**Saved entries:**
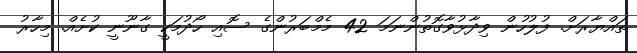
ތައްޔާރަށް. ފުލުހުން ވިދާޅުވާގޮތުންނަމަ 42 މެމްބަރުންގެ ސޮއި ހޯދުމަކީ ގާނޫނީ ކުށެއް. މިހާރު
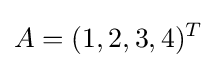
A=(1,2,3,4)^{T}
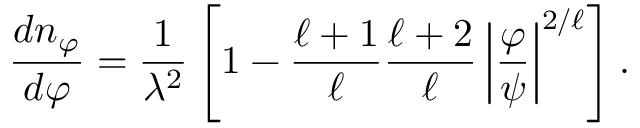
{ \frac { d n _ { \varphi } } { d \varphi } } = { \frac { 1 } { \lambda ^ { 2 } } } \left[ 1 - { \frac { \ell + 1 } { \ell } } { \frac { \ell + 2 } { \ell } } \left| \frac { \varphi } { \psi } \right| ^ { 2 / \ell } \right] .
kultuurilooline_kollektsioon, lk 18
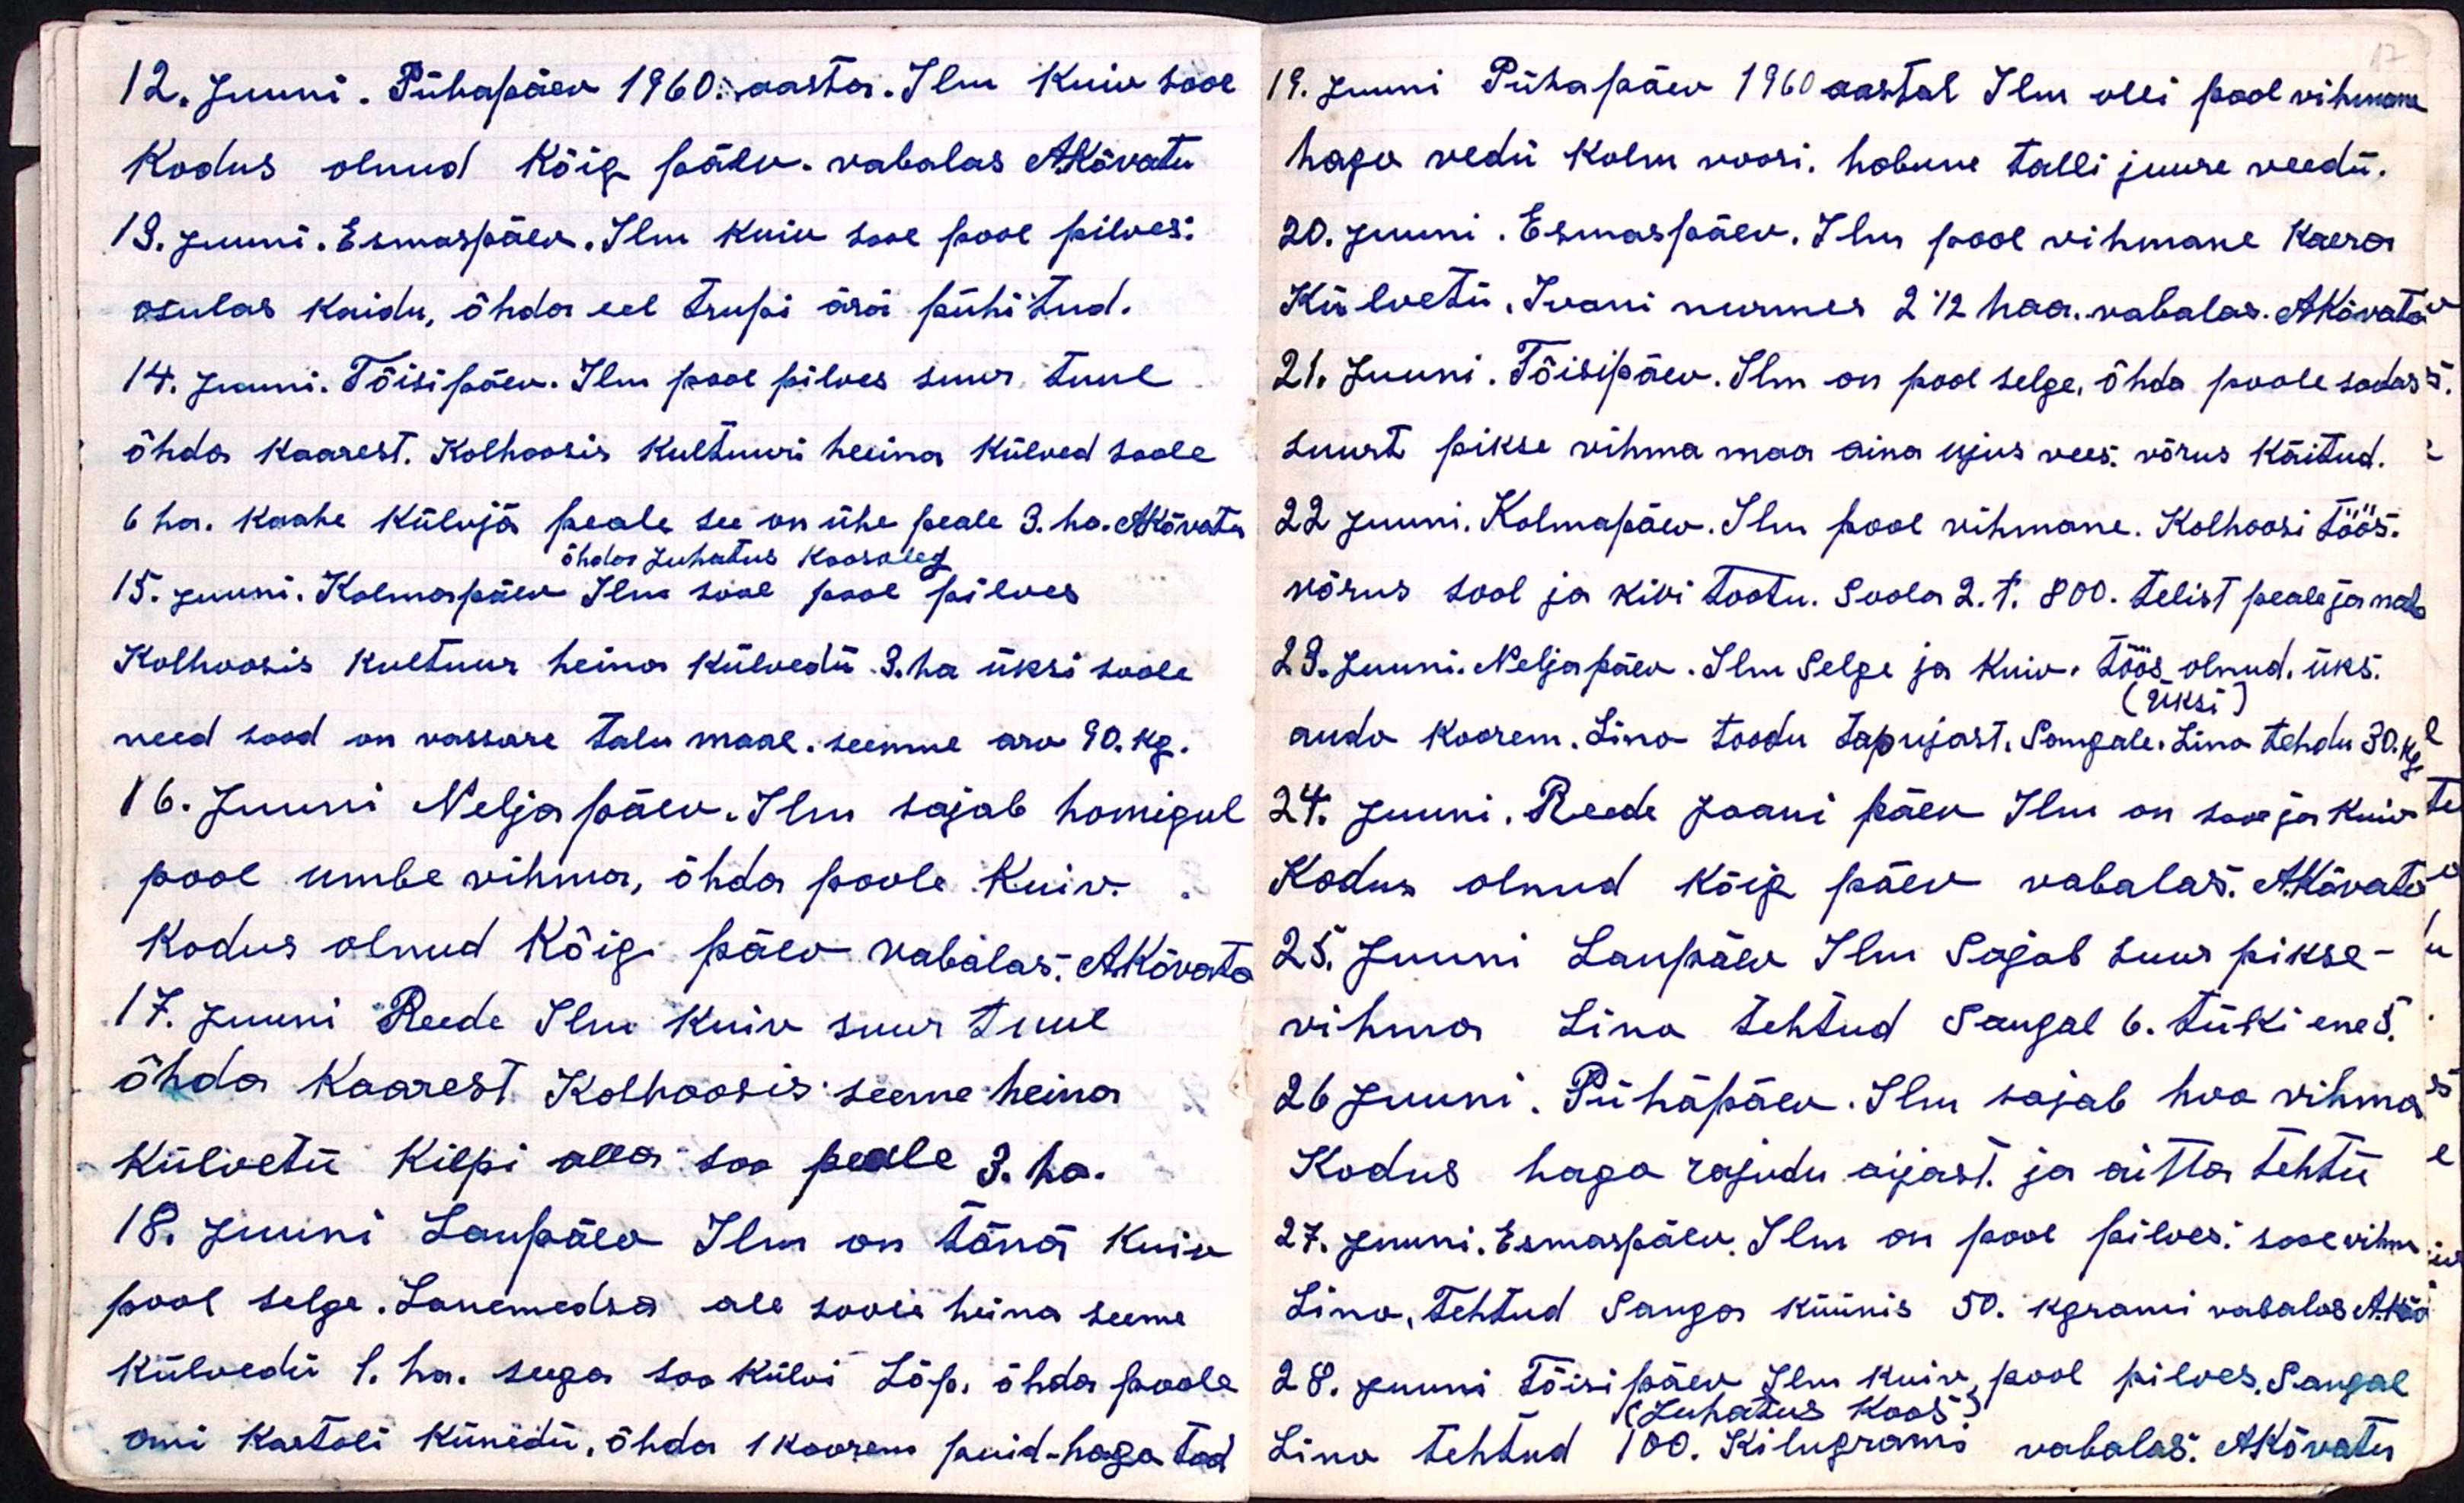
12. Juuni. Pühapäev 1960. aasta. Ilm Kuiv sooe
Kodus olnud kõig päev. vabalas AKõvatu
13. juuni. Esmaspäev. Ilm kuiv sooe pool pilves.
osulas kaidu, õhda eel trupi ärä pühitud.
14. Juuni. Tõisipäev. Ilus pool pilves suur tuul
õhda kaarest. Kolhoosis Kultuuri heina külved soole
6 ha. kaahe külvjä peale see on ühe peale 3. ha. AKõvatu
õhda juhatus koosoleg
15. Juuni. Kolmapäev Ilm sooe pool pilves
Kolhoosis kultuur heina külvedü 3. ha üksi soole
need sood on vassare talu maal. seemne arv 90. kg.
16. Juuni Neljapäev. Ilm sajab homigul
pool umbe vihma, õhda poole Kuiv.
kodus olnud kõig päev vabalas. AKõvato
17. Juuni Reede Ilm Kuiv suur tuul
õhda Kaarest Kolhoosis seeme heina
külvetü Kilpi alla soo peale 3. ha.
18. Juuni Laupäev Ilm on täna kuiv
pool selge. Lanemedsa all soole heina seeme
külvedü 1. ha. seega soo külvi Lõp. õhda poole
omi kartoli künedü, õhda 1 koorem puid-hago tod

17
19. Juuni Pühapäev 1960 aastal Ilm olli pool vihmane
hago vedü kolm voori, hobune talli juure veedü.
20. Juuni. Esmaspäev. Ilm pool vihmane Kaera
Külvetü. Ivani nurmes 2 1/2 haa. vabalas. AKõvato
21. Juuni. Tõisipäev. Ilm on pool selge, õhda poole sadas
suurt pikse vihma maa aina ujus vees: võrus käitud.
22 Juuni. Kolmapäev. Ilm pool vihmane. Kolhoosi töös.
võrus sool ja kivi tootu. Soola 2. t. 800. tellist peale ja maha
23. Juuni. Neljapäev. Ilm selge ja Kuiw töös olnud. üks.
(üksi)
audo koorem. Lino toodu Tapujast. Sangale, Lino tehdu 30. kg.
24. Juuni. Reede Jaani päev Ilm on sooe ja kuiv
Kodus olnud kõik päev vabalas. A.Kõvato
25. Juuni Laupäev Ilm Sajab Suur pikse-
vihma. Lina tehtud Sangal 6. tüki ene 5.
26 Juuni. Pühapäev. Ilm sajab hoo vihma
Kodus hago rajudu aijast. ja aitta tehtu
27. Juuni. Esmaspäev. Ilm on pool pilves, sooe vihm
Lino tehtud Sanga küünis 50. kgrami vabalas A.Kõv
28. Juuni Tõisipäev. Ilm kuiv, pool pilves, Sangal
(Juhatus Koos)
Lino tehtud 100. Kilugrami vabalas. A.Kõvatu
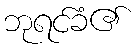
ဘုရင်ခံ၏
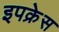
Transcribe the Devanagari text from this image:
इपक्रेस
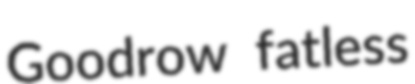
Goodrow fatless
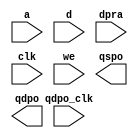
module VGA_FONT_DST(
  a,
  d,
  dpra,
  clk,
  we,
  qdpo_clk,
  qspo,
  qdpo
);

input [10 : 0] a;
input [7 : 0] d;
input [10 : 0] dpra;
input clk;
input we;
input qdpo_clk;
output [7 : 0] qspo;
output [7 : 0] qdpo;

// synthesis translate_off

  DIST_MEM_GEN_V7_2 #(
    .C_ADDR_WIDTH(11),
    .C_DEFAULT_DATA("0"),
    .C_DEPTH(2048),
    .C_FAMILY("spartan6"),
    .C_HAS_CLK(1),
    .C_HAS_D(1),
    .C_HAS_DPO(0),
    .C_HAS_DPRA(1),
    .C_HAS_I_CE(0),
    .C_HAS_QDPO(1),
    .C_HAS_QDPO_CE(0),
    .C_HAS_QDPO_CLK(1),
    .C_HAS_QDPO_RST(0),
    .C_HAS_QDPO_SRST(0),
    .C_HAS_QSPO(1),
    .C_HAS_QSPO_CE(0),
    .C_HAS_QSPO_RST(0),
    .C_HAS_QSPO_SRST(0),
    .C_HAS_SPO(0),
    .C_HAS_SPRA(0),
    .C_HAS_WE(1),
    .C_MEM_INIT_FILE("VGA_FONT_DST.mif"),
    .C_MEM_TYPE(2),
    .C_PARSER_TYPE(1),
    .C_PIPELINE_STAGES(0),
    .C_QCE_JOINED(0),
    .C_QUALIFY_WE(0),
    .C_READ_MIF(1),
    .C_REG_A_D_INPUTS(0),
    .C_REG_DPRA_INPUT(0),
    .C_SYNC_ENABLE(1),
    .C_WIDTH(8)
  )
  inst (
    .A(a),
    .D(d),
    .DPRA(dpra),
    .CLK(clk),
    .WE(we),
    .QDPO_CLK(qdpo_clk),
    .QSPO(qspo),
    .QDPO(qdpo),
    .SPRA(),
    .I_CE(),
    .QSPO_CE(),
    .QDPO_CE(),
    .QSPO_RST(),
    .QDPO_RST(),
    .QSPO_SRST(),
    .QDPO_SRST(),
    .SPO(),
    .DPO()
  );

// synthesis translate_on

endmodule
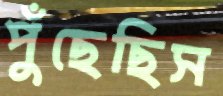
পুঁছেছিস
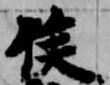
侯
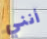
أنني
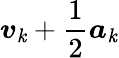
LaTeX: {\boldsymbol{v}}_{\mathit{k}}+{\frac{{1}}{{2}}}{\boldsymbol{a}}_{\mathit{k}}
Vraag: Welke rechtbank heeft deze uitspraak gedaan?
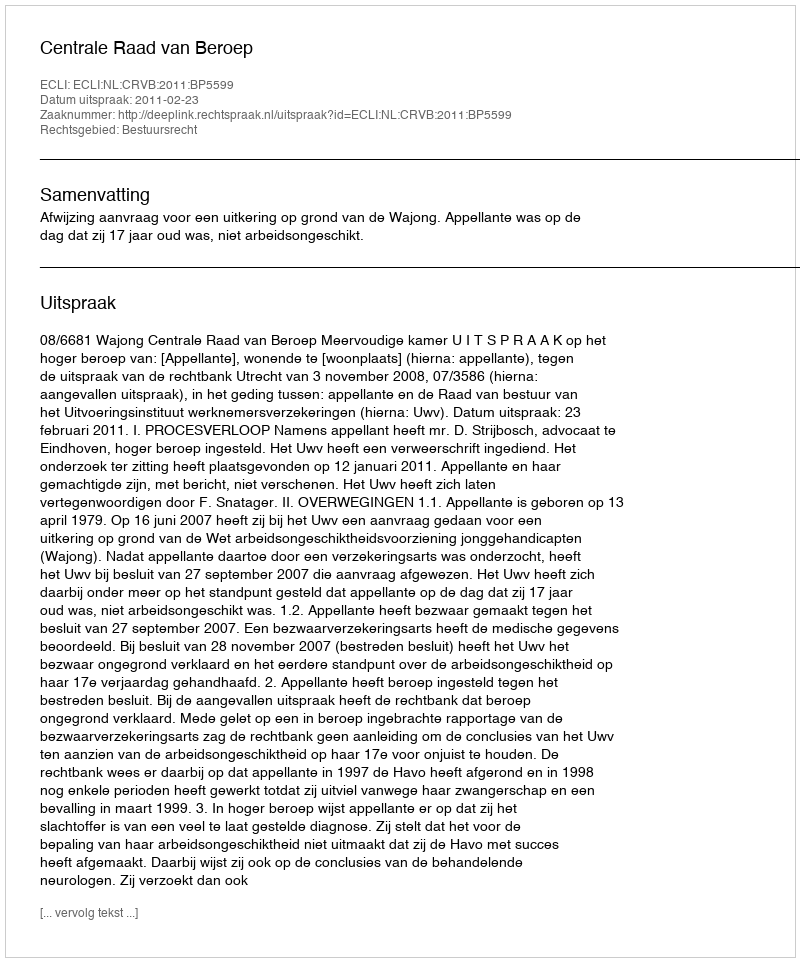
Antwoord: Centrale Raad van Beroep

**Description of the task:** The data above is to be printed exactly, all of it, except for the pictures.

**Answer for the task:**
ތައްޔާރަށް. ފުލުހުން ވިދާޅުވާގޮތުންނަމަ 42 މެމްބަރުންގެ ސޮއި ހޯދުމަކީ ގާނޫނީ ކުށެއް. މިހާރު
A=(1,2,3,4)^{T}
{ \frac { d n _ { \varphi } } { d \varphi } } = { \frac { 1 } { \lambda ^ { 2 } } } \left[ 1 - { \frac { \ell + 1 } { \ell } } { \frac { \ell + 2 } { \ell } } \left| \frac { \varphi } { \psi } \right| ^ { 2 / \ell } \right] .
kultuurilooline_kollektsioon, lk 18
12. Juuni. Pühapäev 1960. aasta. Ilm Kuiv sooe
Kodus olnud kõig päev. vabalas AKõvatu
13. juuni. Esmaspäev. Ilm kuiv sooe pool pilves.
osulas kaidu, õhda eel trupi ärä pühitud.
14. Juuni. Tõisipäev. Ilus pool pilves suur tuul
õhda kaarest. Kolhoosis Kultuuri heina külved soole
6 ha. kaahe külvjä peale see on ühe peale 3. ha. AKõvatu
õhda juhatus koosoleg
15. Juuni. Kolmapäev Ilm sooe pool pilves
Kolhoosis kultuur heina külvedü 3. ha üksi soole
need sood on vassare talu maal. seemne arv 90. kg.
16. Juuni Neljapäev. Ilm sajab homigul
pool umbe vihma, õhda poole Kuiv.
kodus olnud kõig päev vabalas. AKõvato
17. Juuni Reede Ilm Kuiv suur tuul
õhda Kaarest Kolhoosis seeme heina
külvetü Kilpi alla soo peale 3. ha.
18. Juuni Laupäev Ilm on täna kuiv
pool selge. Lanemedsa all soole heina seeme
külvedü 1. ha. seega soo külvi Lõp. õhda poole
omi kartoli künedü, õhda 1 koorem puid-hago tod

17
19. Juuni Pühapäev 1960 aastal Ilm olli pool vihmane
hago vedü kolm voori, hobune talli juure veedü.
20. Juuni. Esmaspäev. Ilm pool vihmane Kaera
Külvetü. Ivani nurmes 2 1/2 haa. vabalas. AKõvato
21. Juuni. Tõisipäev. Ilm on pool selge, õhda poole sadas
suurt pikse vihma maa aina ujus vees: võrus käitud.
22 Juuni. Kolmapäev. Ilm pool vihmane. Kolhoosi töös.
võrus sool ja kivi tootu. Soola 2. t. 800. tellist peale ja maha
23. Juuni. Neljapäev. Ilm selge ja Kuiw töös olnud. üks.
(üksi)
audo koorem. Lino toodu Tapujast. Sangale, Lino tehdu 30. kg.
24. Juuni. Reede Jaani päev Ilm on sooe ja kuiv
Kodus olnud kõik päev vabalas. A.Kõvato
25. Juuni Laupäev Ilm Sajab Suur pikse-
vihma. Lina tehtud Sangal 6. tüki ene 5.
26 Juuni. Pühapäev. Ilm sajab hoo vihma
Kodus hago rajudu aijast. ja aitta tehtu
27. Juuni. Esmaspäev. Ilm on pool pilves, sooe vihm
Lino tehtud Sanga küünis 50. kgrami vabalas A.Kõv
28. Juuni Tõisipäev. Ilm kuiv, pool pilves, Sangal
(Juhatus Koos)
Lino tehtud 100. Kilugrami vabalas. A.Kõvatu
ဘုရင်ခံ၏
Transcribe the Devanagari text from this image:
इपक्रेस
Goodrow fatless
module VGA_FONT_DST(
  a,
  d,
  dpra,
  clk,
  we,
  qdpo_clk,
  qspo,
  qdpo
);

input [10 : 0] a;
input [7 : 0] d;
input [10 : 0] dpra;
input clk;
input we;
input qdpo_clk;
output [7 : 0] qspo;
output [7 : 0] qdpo;

// synthesis translate_off

  DIST_MEM_GEN_V7_2 #(
    .C_ADDR_WIDTH(11),
    .C_DEFAULT_DATA("0"),
    .C_DEPTH(2048),
    .C_FAMILY("spartan6"),
    .C_HAS_CLK(1),
    .C_HAS_D(1),
    .C_HAS_DPO(0),
    .C_HAS_DPRA(1),
    .C_HAS_I_CE(0),
    .C_HAS_QDPO(1),
    .C_HAS_QDPO_CE(0),
    .C_HAS_QDPO_CLK(1),
    .C_HAS_QDPO_RST(0),
    .C_HAS_QDPO_SRST(0),
    .C_HAS_QSPO(1),
    .C_HAS_QSPO_CE(0),
    .C_HAS_QSPO_RST(0),
    .C_HAS_QSPO_SRST(0),
    .C_HAS_SPO(0),
    .C_HAS_SPRA(0),
    .C_HAS_WE(1),
    .C_MEM_INIT_FILE("VGA_FONT_DST.mif"),
    .C_MEM_TYPE(2),
    .C_PARSER_TYPE(1),
    .C_PIPELINE_STAGES(0),
    .C_QCE_JOINED(0),
    .C_QUALIFY_WE(0),
    .C_READ_MIF(1),
    .C_REG_A_D_INPUTS(0),
    .C_REG_DPRA_INPUT(0),
    .C_SYNC_ENABLE(1),
    .C_WIDTH(8)
  )
  inst (
    .A(a),
    .D(d),
    .DPRA(dpra),
    .CLK(clk),
    .WE(we),
    .QDPO_CLK(qdpo_clk),
    .QSPO(qspo),
    .QDPO(qdpo),
    .SPRA(),
    .I_CE(),
    .QSPO_CE(),
    .QDPO_CE(),
    .QSPO_RST(),
    .QDPO_RST(),
    .QSPO_SRST(),
    .QDPO_SRST(),
    .SPO(),
    .DPO()
  );

// synthesis translate_on

endmodule
পুঁছেছিস
侯
أنني
LaTeX: {\boldsymbol{v}}_{\mathit{k}}+{\frac{{1}}{{2}}}{\boldsymbol{a}}_{\mathit{k}}
Vraag: Welke rechtbank heeft deze uitspraak gedaan?
Antwoord: Centrale Raad van Beroep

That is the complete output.